The equality can only hold when $\left \lvert \frac {H^2\mathop {\mathrm {ch}}\nolimits _1(F)}{H^3\mathop {\mathrm {rk}}(F)}\right \rvert \in \{0,\frac {1}{5},\frac {1}{2},\frac {4}{5},\frac {1}{4},\frac {10}{11},1\}$. Moreover, when $\left \lvert \frac {H^2\mathop {\mathrm {ch}}\nolimits _1(F)}{H^3\mathop {\mathrm {rk}}(F)}\right \rvert \in [0,\frac {1}{5}]$, $\frac {H\mathop {\mathrm {ch}}\nolimits _2(F)}{H^3\mathop {\mathrm {rk}}(F)}\leq \left (\frac {H^2\mathop {\mathrm {ch}}\nolimits _1(F)}{H^3\mathop {\mathrm {rk}}(F)}\right )^2-\left \lvert \frac {H^2\mathop {\mathrm {ch}}\nolimits _1(F)}{H^3\mathop {\mathrm {rk}}(F)}\right \rvert $ holds; when $\left \lvert \frac {H^2\mathop {\mathrm {ch}}\nolimits _1(F)}{H^3\mathop {\mathrm {rk}}(F)}\right \rvert \in [\frac {1}{5},\frac {1}{4}]$, $\frac {H\mathop {\mathrm {ch}}\nolimits _2(F)}{H^3\mathop {\mathrm {rk}}(F)}\leq \frac {9}{32}\left \lvert \frac {H^2\mathop {\mathrm {ch}}\nolimits _1(F)}{H^3\mathop {\mathrm {rk}}(F)}\right \rvert -\frac {5}{32}$ holds; when $\left \lvert \frac {H^2\mathop {\mathrm {ch}}\nolimits _1(F)}{H^3\mathop {\mathrm {rk}}(F)}\right \rvert \in [\frac {1}{5},\frac {1}{2}]$, $\frac {H\mathop {\mathrm {ch}}\nolimits _2(F)}{H^3\mathop {\mathrm {rk}}(F)}\leq \frac {5}{8}\left (\frac {H^2\mathop {\mathrm {ch}}\nolimits _1(F)}{H^3\mathop {\mathrm {rk}}(F)}\right )^2-\frac {1}{8}$ holds and when $\left \lvert \frac {H^2\mathop {\mathrm {ch}}\nolimits _1(F)}{H^3\mathop {\mathrm {rk}}(F)}\right \rvert \in [\frac {\sqrt {13}-1}{3},1]$, $\frac {H\mathop {\mathrm {ch}}\nolimits _2(F)}{H^3\mathop {\mathrm {rk}}(F)}\leq \left (\frac {H^2\mathop {\mathrm {ch}}\nolimits _1(F)}{H^3\mathop {\mathrm {rk}}(F)}\right )^2-\frac {1}{2}$ holds.
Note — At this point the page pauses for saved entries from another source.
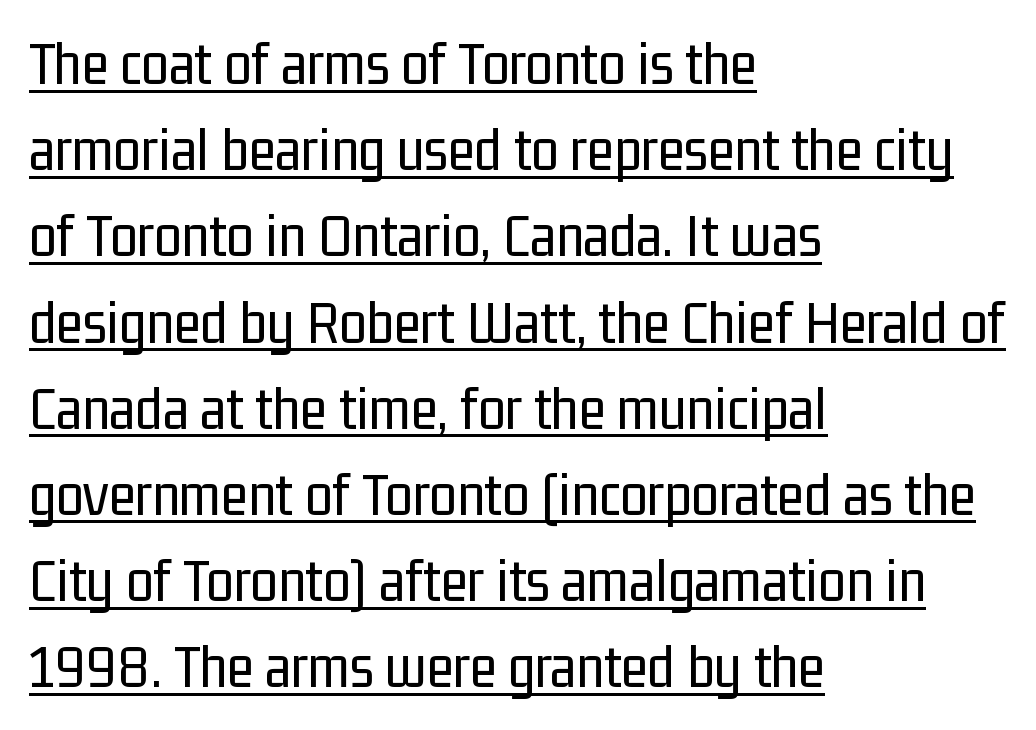
{"serif": "no", "italic": "no", "bold": "no", "weight": "regular", "width": "condensed", "stroke_contrast": "low", "x_height": "medium", "monospaced": "no", "underline": "yes", "align": "left", "line_spacing": "normal", "line_spacing_ratio": 1.39, "letter_spacing": "normal", "letter_spacing_em": 0.0, "glyph_px": 62}
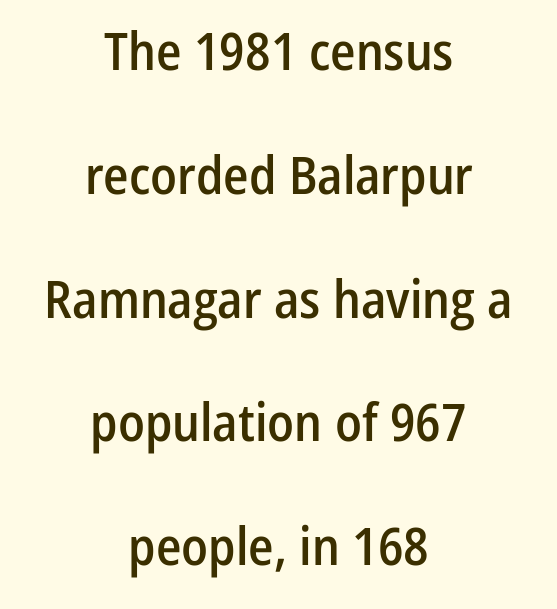
Q: Is the text bold? A: Semi-bold.
Q: Is the text italic (slanted)? A: No, it is upright.
Q: Is the typeface a serif or a sans-serif typeface? A: Sans-serif.
Q: Is the text underlined? A: No.
Q: How is the paragraph aligned? A: Centered.
Q: Is the spacing between letters normal or unusually wide? A: Normal.
Q: Is the spacing between lines tight, normal or loose? A: Loose.
Q: Width (condensed, normal, or wide)? A: Condensed.
Q: Stroke contrast? A: Low.
Q: x-height? A: Medium.
Q: Monospaced? A: No.
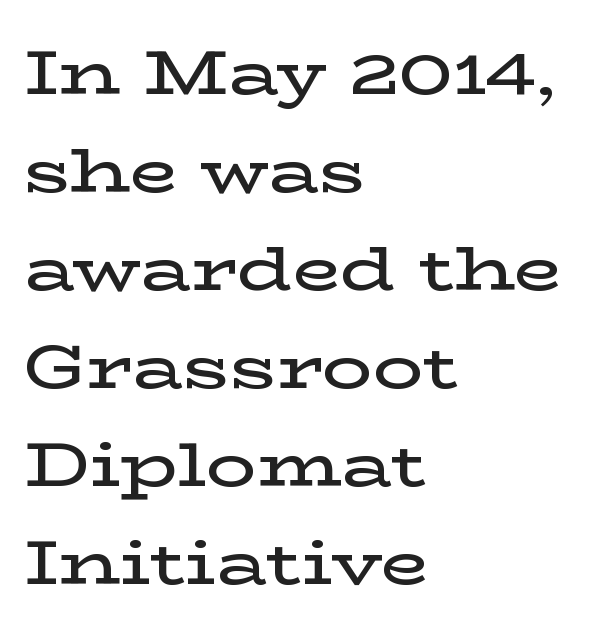
Q: Is the text bold? A: Semi-bold.
Q: Is the text italic (slanted)? A: No, it is upright.
Q: Is the typeface a serif or a sans-serif typeface? A: Serif.
Q: Is the text underlined? A: No.
Q: How is the paragraph aligned? A: Left-aligned.
Q: Is the spacing between letters normal or unusually wide? A: Normal.
Q: Is the spacing between lines tight, normal or loose? A: Normal.
Q: Width (condensed, normal, or wide)? A: Wide.
Q: Stroke contrast? A: Low.
Q: x-height? A: Medium.
Q: Monospaced? A: No.
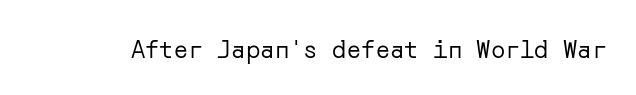
The image shows 24 px text type, upright; set normal letter spacing, not underlined.
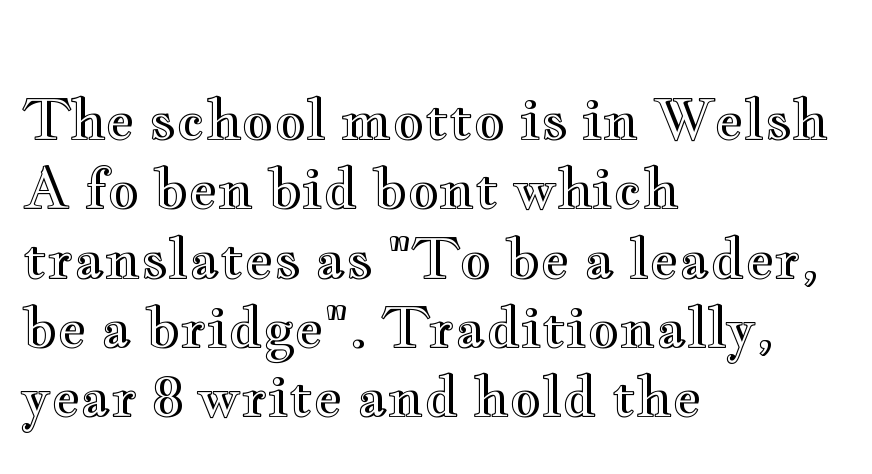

Remark 5.6. As in [Li19a], the method in this paper is expected to apply to other cases. A possible scheme is the following: One can start with a projective Calabi–Yau threefold X with ample divisor H, and consider a generic member $Y\in |2H|$ (or higher multiple of H), and a generic curve $C\in |2H_Y|$ (and still possible for a higher multiple of $H_Y$). The essence is to have a good Bogomolov–Gieseker inequality for Y. To do this, one can embed C inside a K3 surface of Picard rank 1 (the method here) or a del Pezzo surface (as in [Li19a, Kos22]), or more generally any surface for which a good $\Gamma $-curve is known. To get a good $\Gamma $-curve for a surface, one can repeatedly use the method in this paper and in [Li19a]. In particular, we expect that one can prove the Bogomolov–Gieseker inequality for $X_{3,3}\subset \mathbb {P}^5$, the complete interesection of two generic cubics, by first restricting to the surface $S_{2,3,3}$, and then using the link provided by the curve $C_{2,2,3,3}$ to the Bogomolov–Gieseker inequality of $S_{2,2,3}$. Applying the method with the curve $S_{2,2,3}\supset C_{2,2,2,3}\subset S_{2,2,2}$, we get the Bogomolov–Gieseker inequality for $S_{2,2,3}$. Like the last remark in [Li19a], each deformation type needs a lot of calculation.